The past and future merge in this old/new agriculture. Modern innovation, Ferrell feels, need not extinguish older ways. Small brush weirs and larger dead-wood gabions, or water catchments, in nearby washes slow water runoff during large floods, allowing nurturing moisture to reach the roots of the trees. Just as important, these simple woven structures hold back nutrients on their uphill side. Each gabion prevents topsoil from being washed downstream. The results are there on the ground to witness. “This is where we plant next,” exclaims Ferrell as he points excitedly to the rich topsoil held in place at one silt-collection site. “This is where the good stuff is – and we don’t lose it if we just pay attention to the flow.” He likes the metaphor, both for work on the ground and in the community he calls home.
Ferrell hopes that his peach orchard project will serve as a model for other Hopi villages and for other peoples on the Colorado Plateau who want to protect their cultural and spiritual traditions. For him, restoring the culturally significant springs associated with orchards, conserving Hopi heirloom crop varieties, and encouraging a return to traditional agricultural practices all represent small steps of a larger journey toward community health. Many village residents would still prefer to get packaged foods rather than work in the fields. This, as Ferrell puts it, is simply an obstacle that the Hopi need to confront daily, rather than pretend it will go away or that it is inevitable.

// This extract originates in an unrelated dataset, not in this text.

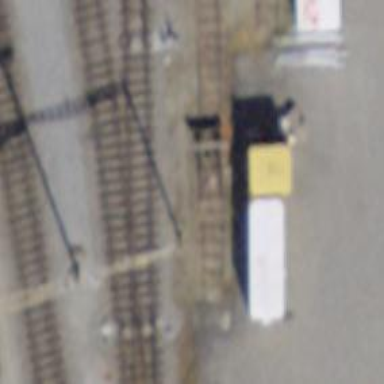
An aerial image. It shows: Abandoned railway yard.

Giving up is not an option. It never has been, for the Hopi. The restoration of traditional agriculture involves, and from the looks of it requires, community outreach and information-sharing within and between Sipaulovi and other Hopi villages. But nothing makes an impact quite like a peach tree loaded with bright pink blossoms in springtime. “This is it,” says Ferrell. “This is what people need to see – that we can do it if we are willing.”